EXERCISE =>
Copy out all of the data word for word. Omit every picture.
┌────────
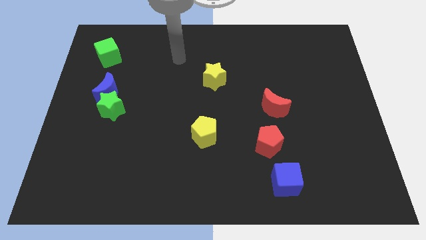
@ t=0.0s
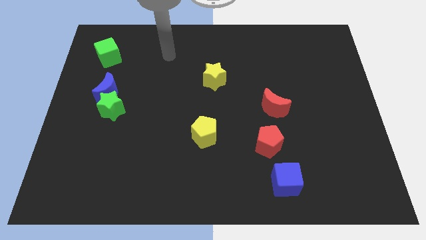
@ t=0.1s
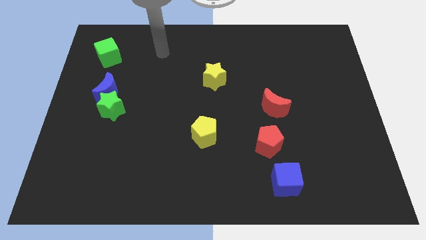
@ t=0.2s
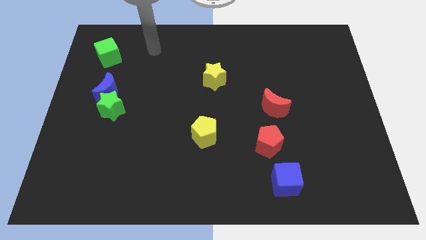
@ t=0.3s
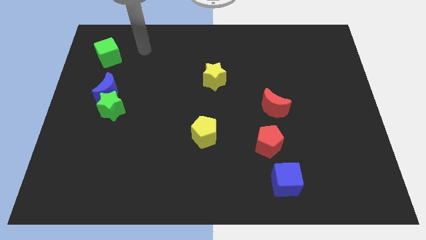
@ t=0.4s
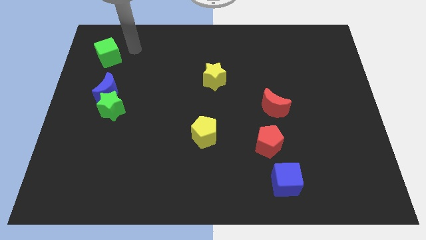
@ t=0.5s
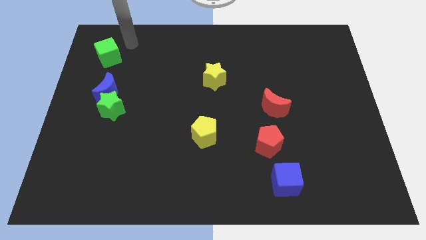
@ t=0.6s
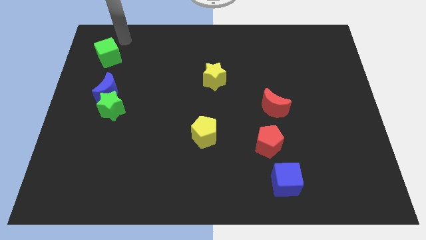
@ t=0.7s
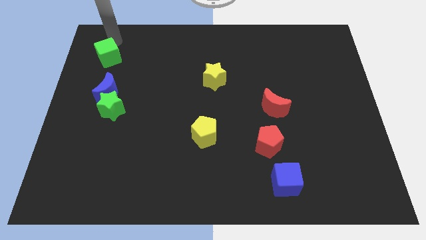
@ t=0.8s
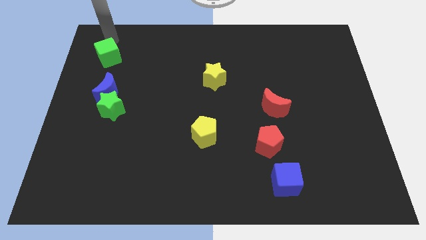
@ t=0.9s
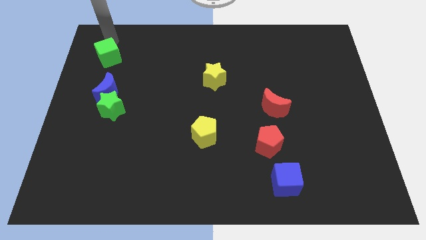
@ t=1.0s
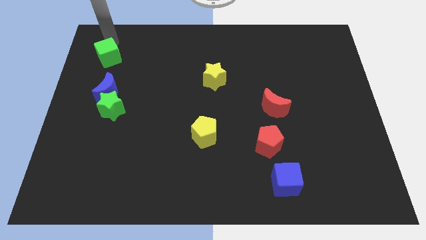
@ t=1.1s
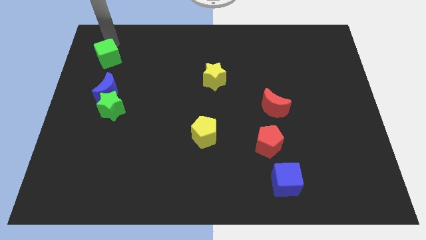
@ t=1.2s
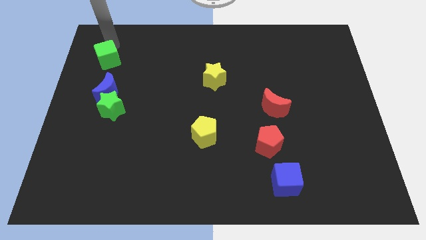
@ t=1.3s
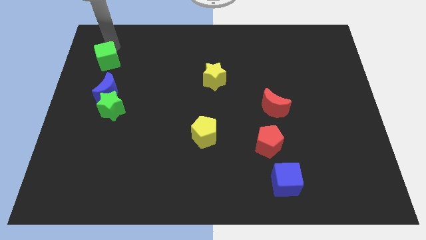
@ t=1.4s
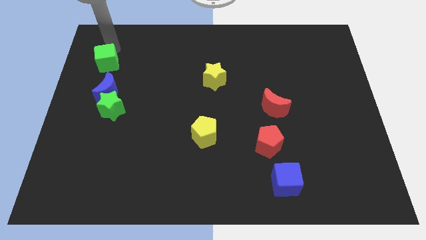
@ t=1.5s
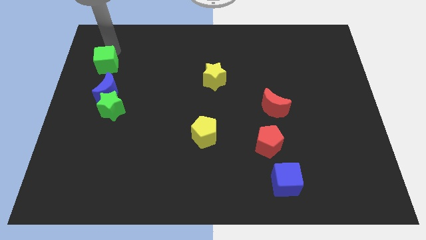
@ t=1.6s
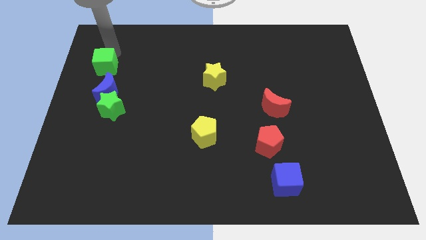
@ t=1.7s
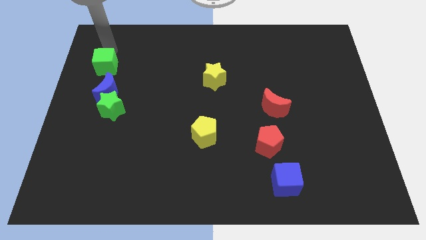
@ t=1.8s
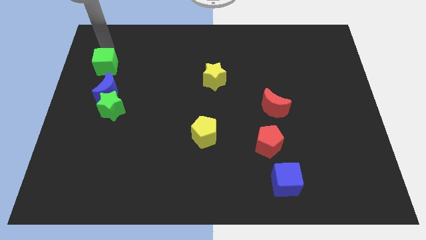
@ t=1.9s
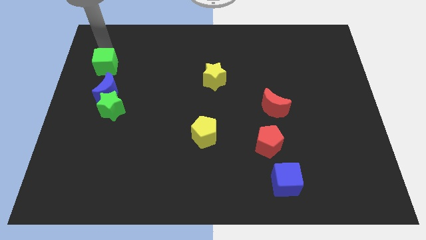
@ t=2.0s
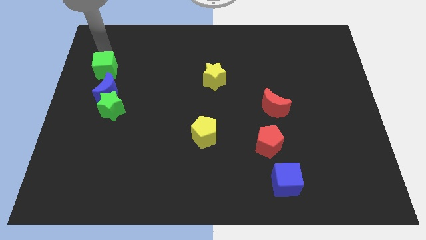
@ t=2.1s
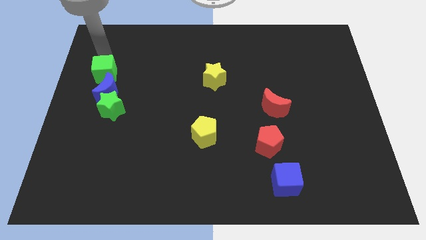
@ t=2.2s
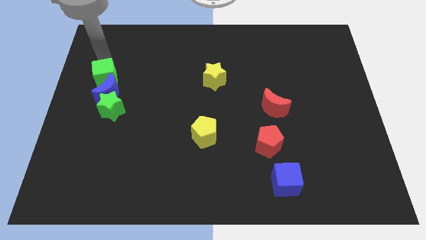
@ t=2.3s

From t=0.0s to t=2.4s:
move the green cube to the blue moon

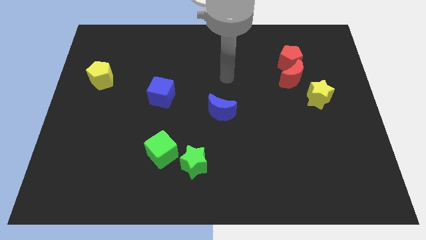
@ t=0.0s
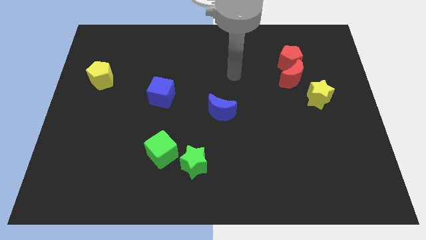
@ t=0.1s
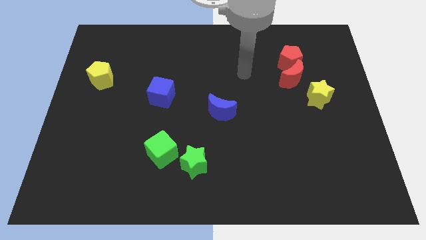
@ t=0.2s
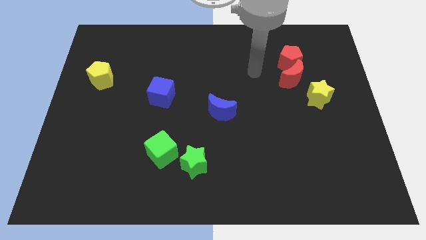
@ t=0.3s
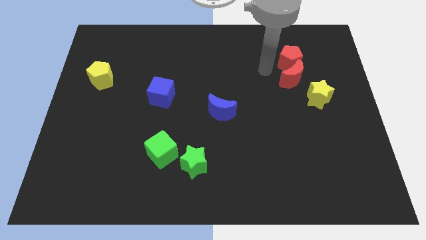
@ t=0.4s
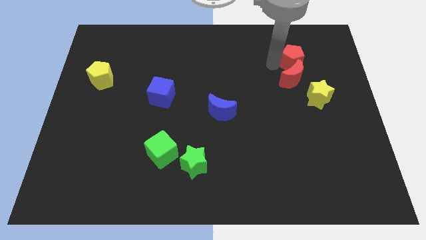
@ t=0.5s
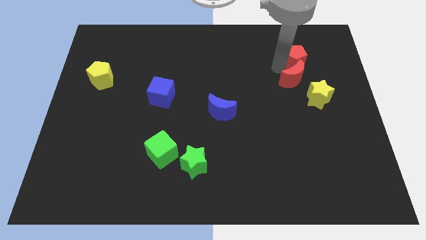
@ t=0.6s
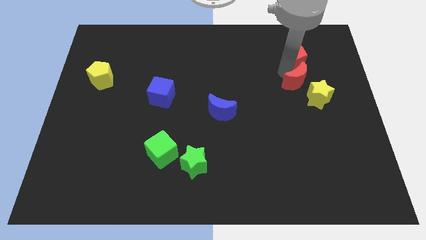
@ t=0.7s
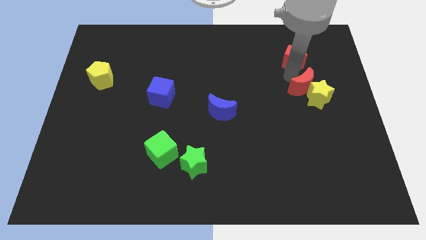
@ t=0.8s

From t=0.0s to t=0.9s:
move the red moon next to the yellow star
└────────
EXERCISE ANSWER =>
@ t=0.0s
@ t=0.1s
@ t=0.2s
@ t=0.3s
@ t=0.4s
@ t=0.5s
@ t=0.6s
@ t=0.7s
@ t=0.8s
@ t=0.9s
@ t=1.0s
@ t=1.1s
@ t=1.2s
@ t=1.3s
@ t=1.4s
@ t=1.5s
@ t=1.6s
@ t=1.7s
@ t=1.8s
@ t=1.9s
@ t=2.0s
@ t=2.1s
@ t=2.2s
@ t=2.3s

From t=0.0s to t=2.4s:
move the green cube to the blue moon

@ t=0.0s
@ t=0.1s
@ t=0.2s
@ t=0.3s
@ t=0.4s
@ t=0.5s
@ t=0.6s
@ t=0.7s
@ t=0.8s

From t=0.0s to t=0.9s:
move the red moon next to the yellow star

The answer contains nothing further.